▶ _TASK DESCRIPTION_
Only the pictures are to be dropped; the rest of the data below is to be duplicated exactly.

(Records drawn from a dataset)

Start of Block

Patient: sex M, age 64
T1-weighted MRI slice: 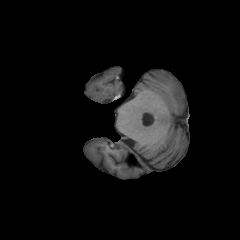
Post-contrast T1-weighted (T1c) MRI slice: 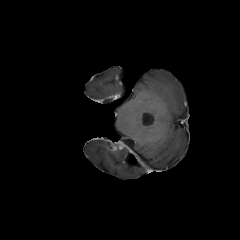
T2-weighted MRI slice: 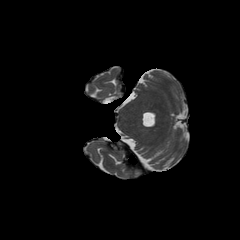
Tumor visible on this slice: yes
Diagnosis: Astrocytoma, IDH-wildtype
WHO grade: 3
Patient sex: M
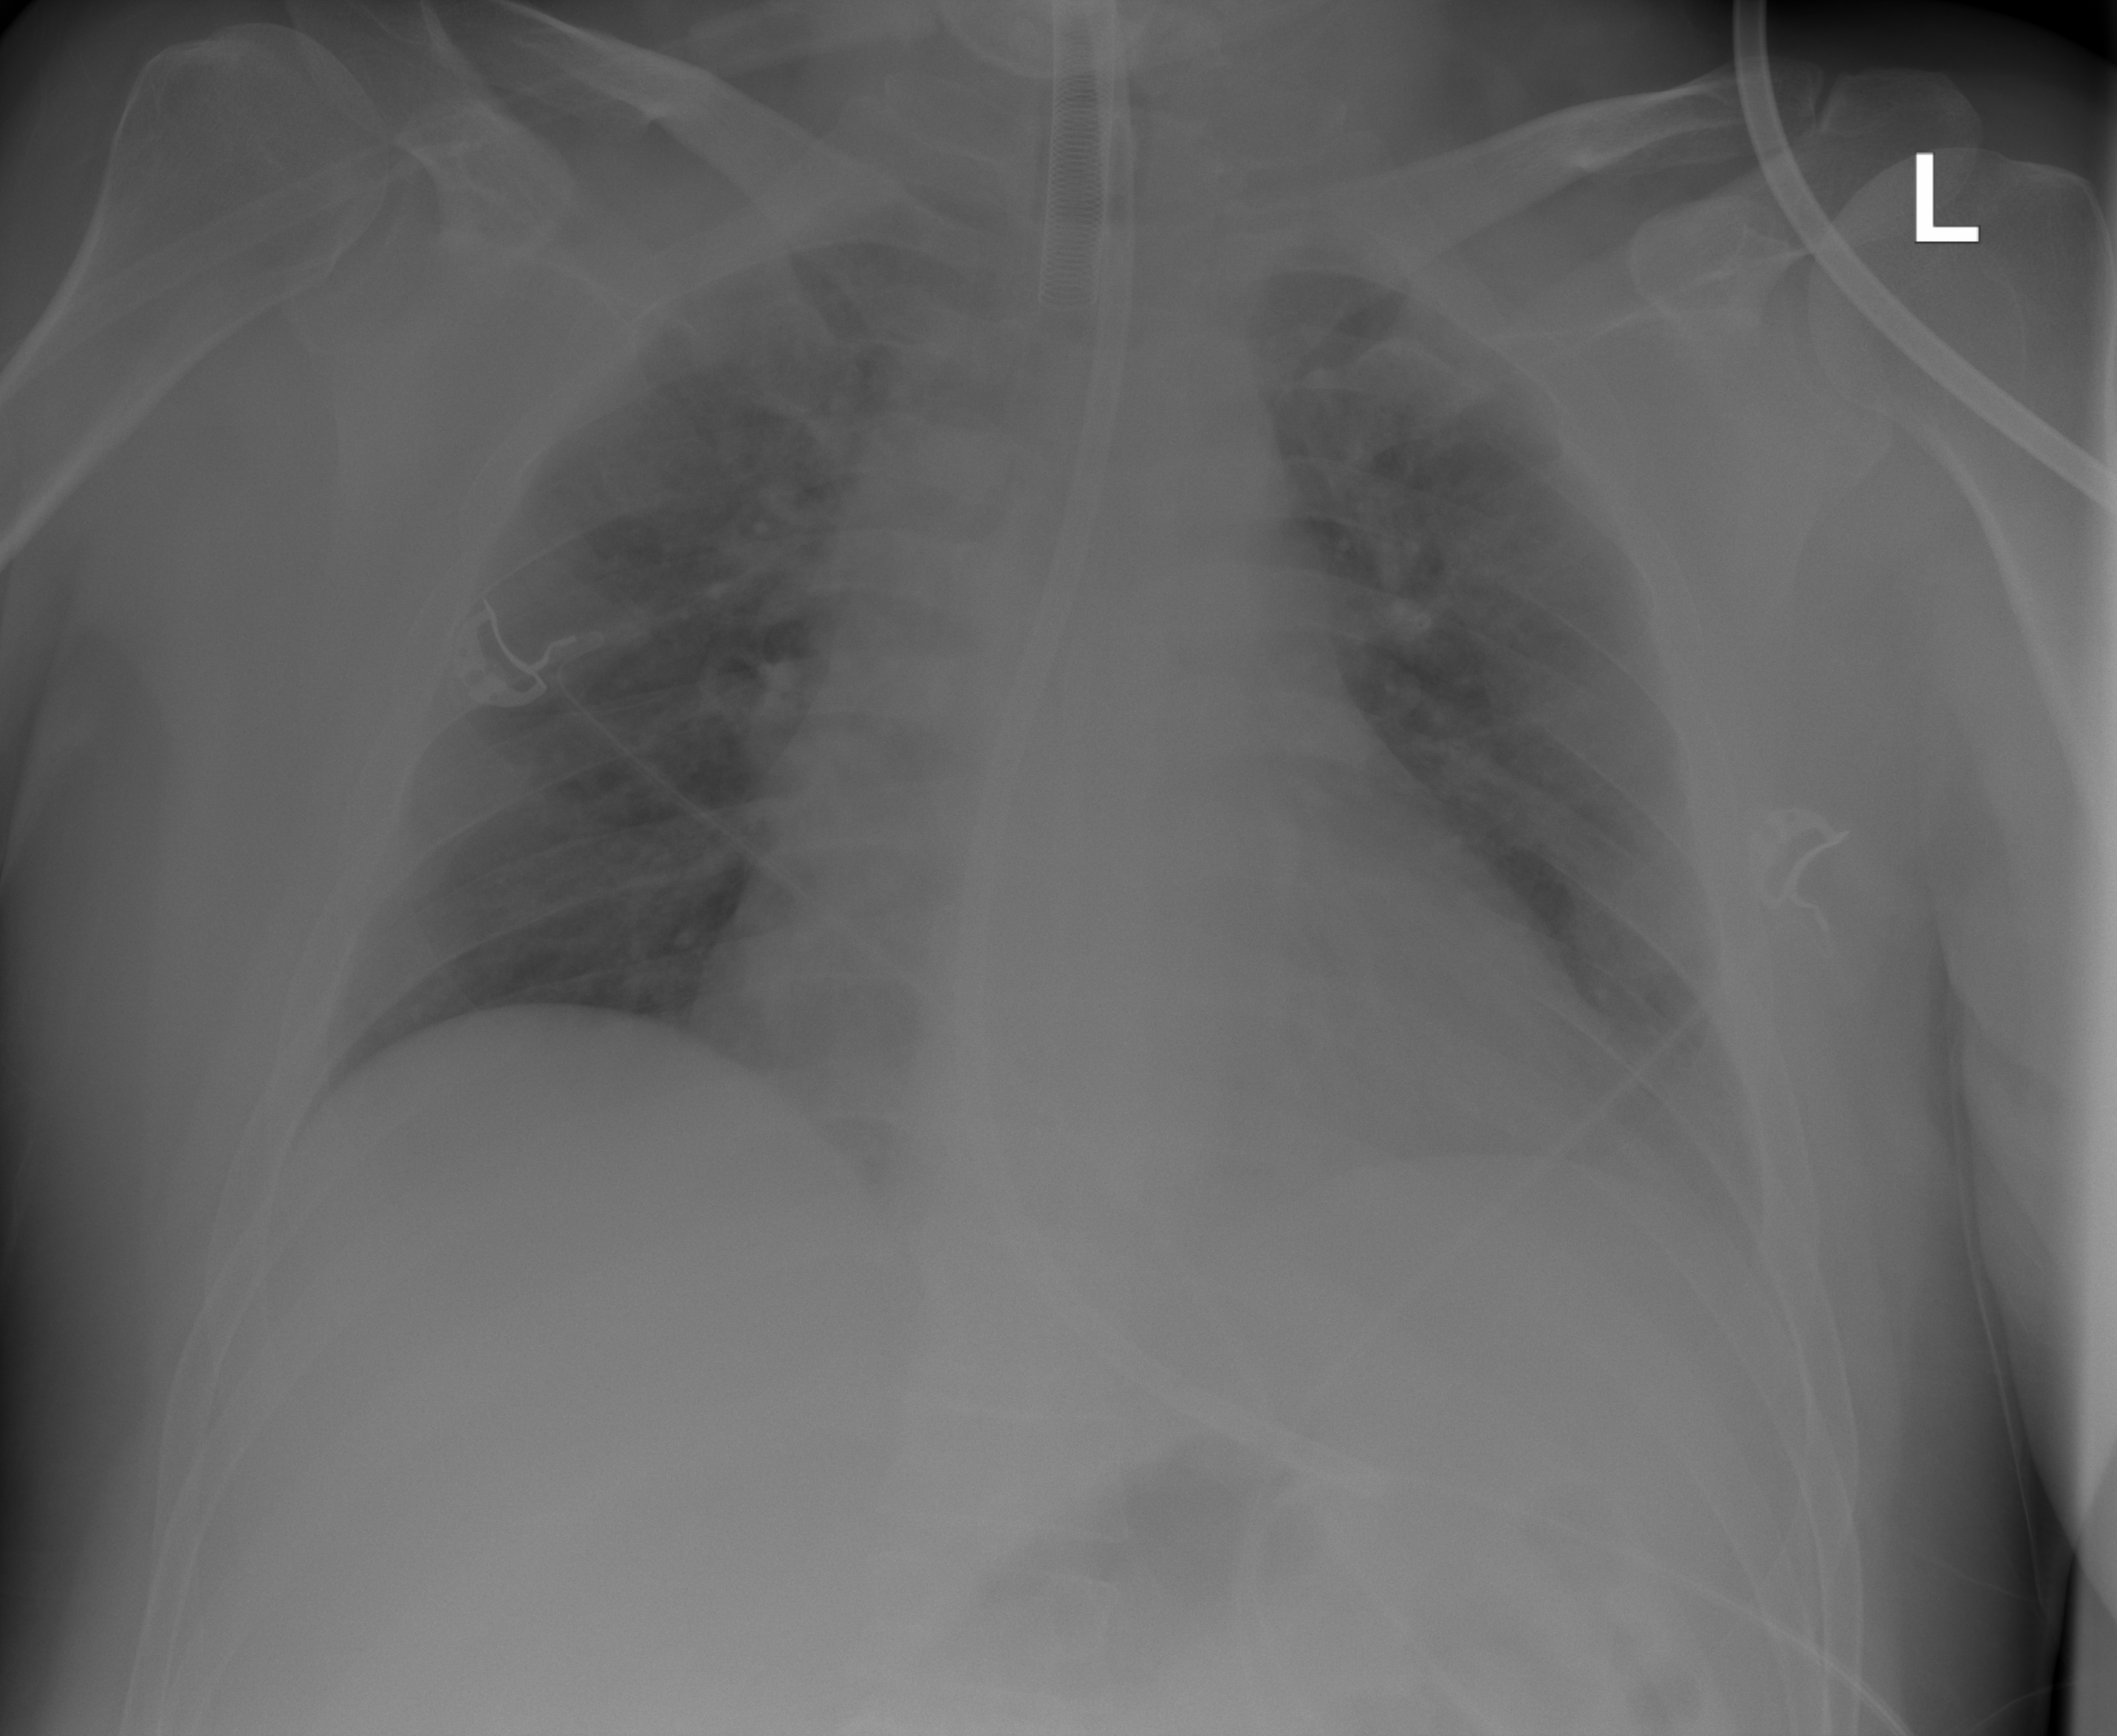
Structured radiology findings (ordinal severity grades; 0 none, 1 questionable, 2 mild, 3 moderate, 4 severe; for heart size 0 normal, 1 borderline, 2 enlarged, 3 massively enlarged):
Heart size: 1
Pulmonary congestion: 1
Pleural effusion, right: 0
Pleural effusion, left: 0
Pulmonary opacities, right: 1
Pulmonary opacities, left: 1
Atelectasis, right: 0
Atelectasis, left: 0

End of Block

▶ _SOLUTION TO THIS EXERCISE_
Patient: sex M, age 64
T1-weighted MRI slice: 
Post-contrast T1-weighted (T1c) MRI slice: 
T2-weighted MRI slice: 
Tumor visible on this slice: yes
Diagnosis: Astrocytoma, IDH-wildtype
WHO grade: 3
Patient sex: M
Structured radiology findings (ordinal severity grades; 0 none, 1 questionable, 2 mild, 3 moderate, 4 severe; for heart size 0 normal, 1 borderline, 2 enlarged, 3 massively enlarged):
Heart size: 1
Pulmonary congestion: 1
Pleural effusion, right: 0
Pleural effusion, left: 0
Pulmonary opacities, right: 1
Pulmonary opacities, left: 1
Atelectasis, right: 0
Atelectasis, left: 0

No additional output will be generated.